Tab-PE evolves synthetic tabular data under differential privacy to better preserve high-order correlations than marginal-based methods.

A machine-rendered reading of the paper's core claim, the machinery that carries it, and where it could break.

The paper extends the Private Evolution framework to tabular data by introducing Tab-PE, an algorithm that iteratively refines candidate synthetic datasets. It applies low-cost heuristic operators specialized for tables to create variations, privately scores the results, and keeps the highest-quality samples for the next round. This targets the gap where prior differential privacy methods minimize errors on low-order marginals but lose utility on datasets with complex feature interactions. Experiments on real and simulated data show Tab-PE raises downstream classification accuracy by as much as 10 percent and runs 28 times faster than the leading baseline AIM.

Core claim

Tab-PE iteratively improves a candidate dataset via an evolutionary process that leverages tabular-specialized operators to produce variations, privately scores them, and selects the highest-quality samples to retain and propagate. In contrast to the original PE, which relies on large foundation models, Tab-PE employs heuristic operators with significantly lower computational costs.

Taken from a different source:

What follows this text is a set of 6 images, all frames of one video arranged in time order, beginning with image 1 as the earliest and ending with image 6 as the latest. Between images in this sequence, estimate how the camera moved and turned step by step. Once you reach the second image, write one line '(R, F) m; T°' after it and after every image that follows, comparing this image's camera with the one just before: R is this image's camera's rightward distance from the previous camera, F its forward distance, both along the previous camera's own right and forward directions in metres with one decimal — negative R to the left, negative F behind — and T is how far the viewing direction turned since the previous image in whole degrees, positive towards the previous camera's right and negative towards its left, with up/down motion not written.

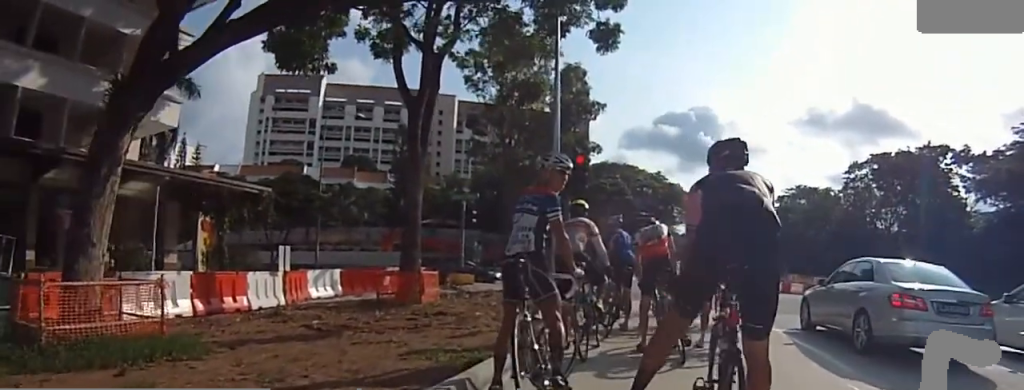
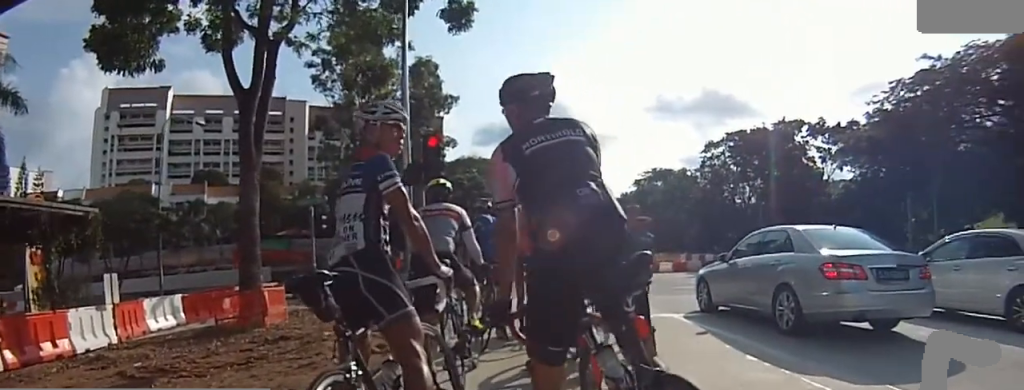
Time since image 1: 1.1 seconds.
(0.0, +1.2) m; 0°
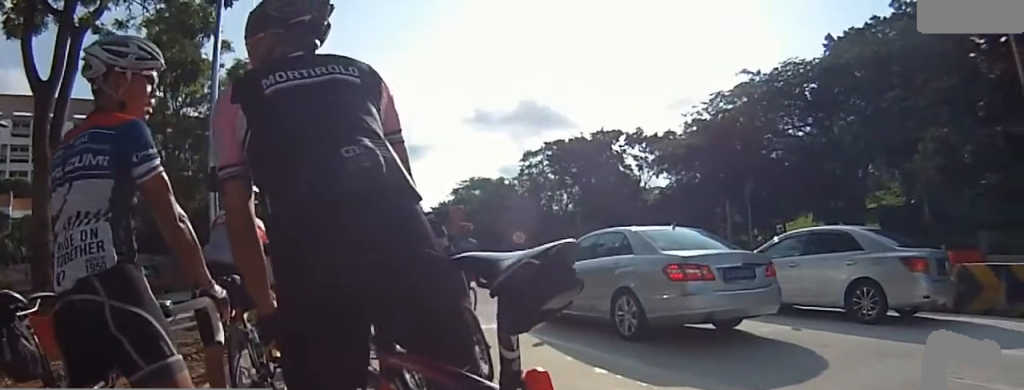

Through extensive experiments on real-world and simulation datasets, Tab-PE substantially outperforms prior baselines on datasets exhibiting high-order correlations, improving classification accuracy by up to 10 percent while running 28 times faster than AIM.

What carries the argument

Tab-PE evolutionary loop, which applies tabular heuristic operators to generate variations, privately evaluates quality, and propagates top samples under differential privacy.

If this is right

  • Synthetic tabular data produced by Tab-PE supports higher-accuracy machine learning models on tasks involving feature interactions.
  • The approach scales to larger tabular datasets because the operators avoid the cost of foundation models.
  • Differential privacy can be enforced on tabular synthesis while retaining more utility on correlated features than low-order marginal methods allow.

Where Pith is reading between the lines

These are editorial extensions of the paper, not claims the author makes directly.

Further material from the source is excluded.